**Data section:**

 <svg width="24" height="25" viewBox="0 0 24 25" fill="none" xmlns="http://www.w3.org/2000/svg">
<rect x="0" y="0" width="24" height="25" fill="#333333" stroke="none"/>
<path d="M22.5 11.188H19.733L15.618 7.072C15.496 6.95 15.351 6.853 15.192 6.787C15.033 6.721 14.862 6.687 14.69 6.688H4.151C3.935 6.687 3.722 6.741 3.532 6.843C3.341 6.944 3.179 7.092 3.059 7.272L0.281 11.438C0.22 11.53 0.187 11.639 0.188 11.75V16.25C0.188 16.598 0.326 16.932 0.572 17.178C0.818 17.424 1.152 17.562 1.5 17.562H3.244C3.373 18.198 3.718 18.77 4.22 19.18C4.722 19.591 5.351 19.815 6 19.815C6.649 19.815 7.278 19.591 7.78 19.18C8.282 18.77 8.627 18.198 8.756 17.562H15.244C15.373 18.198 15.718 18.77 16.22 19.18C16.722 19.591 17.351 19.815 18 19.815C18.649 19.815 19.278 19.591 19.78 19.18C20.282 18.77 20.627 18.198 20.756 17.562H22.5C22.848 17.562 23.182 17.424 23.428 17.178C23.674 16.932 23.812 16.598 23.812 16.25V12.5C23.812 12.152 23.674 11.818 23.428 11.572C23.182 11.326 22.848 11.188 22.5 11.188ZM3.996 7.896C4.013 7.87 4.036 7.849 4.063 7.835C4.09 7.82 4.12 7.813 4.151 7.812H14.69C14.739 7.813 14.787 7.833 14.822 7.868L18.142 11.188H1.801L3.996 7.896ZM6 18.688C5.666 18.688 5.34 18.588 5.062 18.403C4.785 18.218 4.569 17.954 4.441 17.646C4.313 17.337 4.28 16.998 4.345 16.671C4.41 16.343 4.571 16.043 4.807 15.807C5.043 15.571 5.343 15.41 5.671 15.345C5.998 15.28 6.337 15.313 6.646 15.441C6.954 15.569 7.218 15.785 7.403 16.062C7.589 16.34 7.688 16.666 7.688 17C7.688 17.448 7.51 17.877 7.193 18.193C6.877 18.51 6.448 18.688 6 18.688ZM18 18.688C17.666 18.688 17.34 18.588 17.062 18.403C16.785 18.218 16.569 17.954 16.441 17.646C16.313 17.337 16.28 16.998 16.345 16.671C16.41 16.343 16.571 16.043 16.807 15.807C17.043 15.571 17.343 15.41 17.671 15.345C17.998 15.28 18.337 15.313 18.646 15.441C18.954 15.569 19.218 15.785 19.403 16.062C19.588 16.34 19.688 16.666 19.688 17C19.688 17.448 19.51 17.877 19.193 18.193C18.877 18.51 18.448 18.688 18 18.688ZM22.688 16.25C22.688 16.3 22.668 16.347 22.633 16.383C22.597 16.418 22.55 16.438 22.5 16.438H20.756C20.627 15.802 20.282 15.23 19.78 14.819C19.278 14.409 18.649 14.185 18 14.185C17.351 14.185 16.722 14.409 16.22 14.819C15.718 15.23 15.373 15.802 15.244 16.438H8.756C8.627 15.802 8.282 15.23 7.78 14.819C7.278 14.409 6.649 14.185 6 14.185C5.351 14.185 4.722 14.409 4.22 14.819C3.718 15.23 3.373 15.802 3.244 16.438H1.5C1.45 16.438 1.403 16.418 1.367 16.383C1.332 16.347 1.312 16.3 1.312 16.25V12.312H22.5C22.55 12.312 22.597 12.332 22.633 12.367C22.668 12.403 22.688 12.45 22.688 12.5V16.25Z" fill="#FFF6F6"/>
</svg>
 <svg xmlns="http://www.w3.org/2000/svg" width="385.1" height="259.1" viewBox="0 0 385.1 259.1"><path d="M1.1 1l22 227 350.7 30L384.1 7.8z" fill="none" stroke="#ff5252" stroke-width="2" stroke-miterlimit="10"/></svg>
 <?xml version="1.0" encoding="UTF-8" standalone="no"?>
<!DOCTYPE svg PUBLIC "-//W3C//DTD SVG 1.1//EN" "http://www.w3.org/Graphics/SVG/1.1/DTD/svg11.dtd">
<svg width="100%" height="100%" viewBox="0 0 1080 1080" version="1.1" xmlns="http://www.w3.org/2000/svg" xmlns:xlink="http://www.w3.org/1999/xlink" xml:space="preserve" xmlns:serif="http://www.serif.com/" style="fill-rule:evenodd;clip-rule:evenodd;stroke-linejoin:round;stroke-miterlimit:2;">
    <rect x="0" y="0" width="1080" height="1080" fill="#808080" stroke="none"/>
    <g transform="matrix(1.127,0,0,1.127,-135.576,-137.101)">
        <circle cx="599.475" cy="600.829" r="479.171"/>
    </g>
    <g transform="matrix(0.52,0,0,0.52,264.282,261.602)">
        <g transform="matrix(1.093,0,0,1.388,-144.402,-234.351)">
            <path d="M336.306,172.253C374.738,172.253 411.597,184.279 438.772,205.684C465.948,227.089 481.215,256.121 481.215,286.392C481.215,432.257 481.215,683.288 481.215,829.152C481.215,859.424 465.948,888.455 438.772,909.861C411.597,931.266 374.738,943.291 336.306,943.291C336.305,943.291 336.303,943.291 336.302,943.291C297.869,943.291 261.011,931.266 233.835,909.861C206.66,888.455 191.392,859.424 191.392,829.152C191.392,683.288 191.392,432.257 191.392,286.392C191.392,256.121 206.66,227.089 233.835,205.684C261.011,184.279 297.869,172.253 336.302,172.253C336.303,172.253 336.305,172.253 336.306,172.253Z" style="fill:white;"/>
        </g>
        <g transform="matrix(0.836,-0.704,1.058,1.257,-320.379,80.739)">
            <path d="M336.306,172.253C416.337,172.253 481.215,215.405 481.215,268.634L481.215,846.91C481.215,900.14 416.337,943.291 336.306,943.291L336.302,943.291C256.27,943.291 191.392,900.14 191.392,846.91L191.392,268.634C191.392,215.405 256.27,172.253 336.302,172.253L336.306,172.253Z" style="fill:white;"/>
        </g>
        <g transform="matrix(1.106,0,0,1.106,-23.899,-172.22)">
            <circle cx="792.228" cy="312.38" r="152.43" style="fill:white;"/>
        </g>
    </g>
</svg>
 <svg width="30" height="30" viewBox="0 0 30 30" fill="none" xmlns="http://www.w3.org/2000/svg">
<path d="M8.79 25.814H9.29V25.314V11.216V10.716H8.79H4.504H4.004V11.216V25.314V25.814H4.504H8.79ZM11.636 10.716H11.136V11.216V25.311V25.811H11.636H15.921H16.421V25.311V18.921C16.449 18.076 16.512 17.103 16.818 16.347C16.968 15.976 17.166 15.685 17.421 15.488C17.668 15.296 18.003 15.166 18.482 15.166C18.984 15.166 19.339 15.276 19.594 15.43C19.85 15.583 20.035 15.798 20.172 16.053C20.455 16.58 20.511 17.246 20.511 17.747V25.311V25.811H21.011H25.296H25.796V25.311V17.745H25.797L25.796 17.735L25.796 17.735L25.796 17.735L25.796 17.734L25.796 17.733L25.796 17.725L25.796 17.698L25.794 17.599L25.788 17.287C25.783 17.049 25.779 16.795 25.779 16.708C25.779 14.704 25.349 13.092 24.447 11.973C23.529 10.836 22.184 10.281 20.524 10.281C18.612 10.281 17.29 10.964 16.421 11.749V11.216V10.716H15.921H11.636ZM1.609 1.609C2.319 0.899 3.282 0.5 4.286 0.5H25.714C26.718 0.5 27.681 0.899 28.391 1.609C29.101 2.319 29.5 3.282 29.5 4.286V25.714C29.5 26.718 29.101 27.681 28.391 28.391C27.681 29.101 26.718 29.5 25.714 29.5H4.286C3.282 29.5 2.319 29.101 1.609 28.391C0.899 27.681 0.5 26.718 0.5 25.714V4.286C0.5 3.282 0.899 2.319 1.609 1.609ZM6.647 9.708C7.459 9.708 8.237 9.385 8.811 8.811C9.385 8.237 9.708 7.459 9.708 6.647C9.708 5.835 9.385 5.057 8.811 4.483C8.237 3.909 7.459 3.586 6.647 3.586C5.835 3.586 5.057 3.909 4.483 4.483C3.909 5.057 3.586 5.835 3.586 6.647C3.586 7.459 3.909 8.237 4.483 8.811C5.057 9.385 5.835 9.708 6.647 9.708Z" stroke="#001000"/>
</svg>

**To do:** Look above for the line with "1l22 227 350.7" and the line with "<!DOCTYPE svg PUBLIC"; transcribe both and all lines in between, exactly, and nothing else.

**Solved problem:**
 <svg xmlns="http://www.w3.org/2000/svg" width="385.1" height="259.1" viewBox="0 0 385.1 259.1"><path d="M1.1 1l22 227 350.7 30L384.1 7.8z" fill="none" stroke="#ff5252" stroke-width="2" stroke-miterlimit="10"/></svg>
 <?xml version="1.0" encoding="UTF-8" standalone="no"?>
<!DOCTYPE svg PUBLIC "-//W3C//DTD SVG 1.1//EN" "http://www.w3.org/Graphics/SVG/1.1/DTD/svg11.dtd">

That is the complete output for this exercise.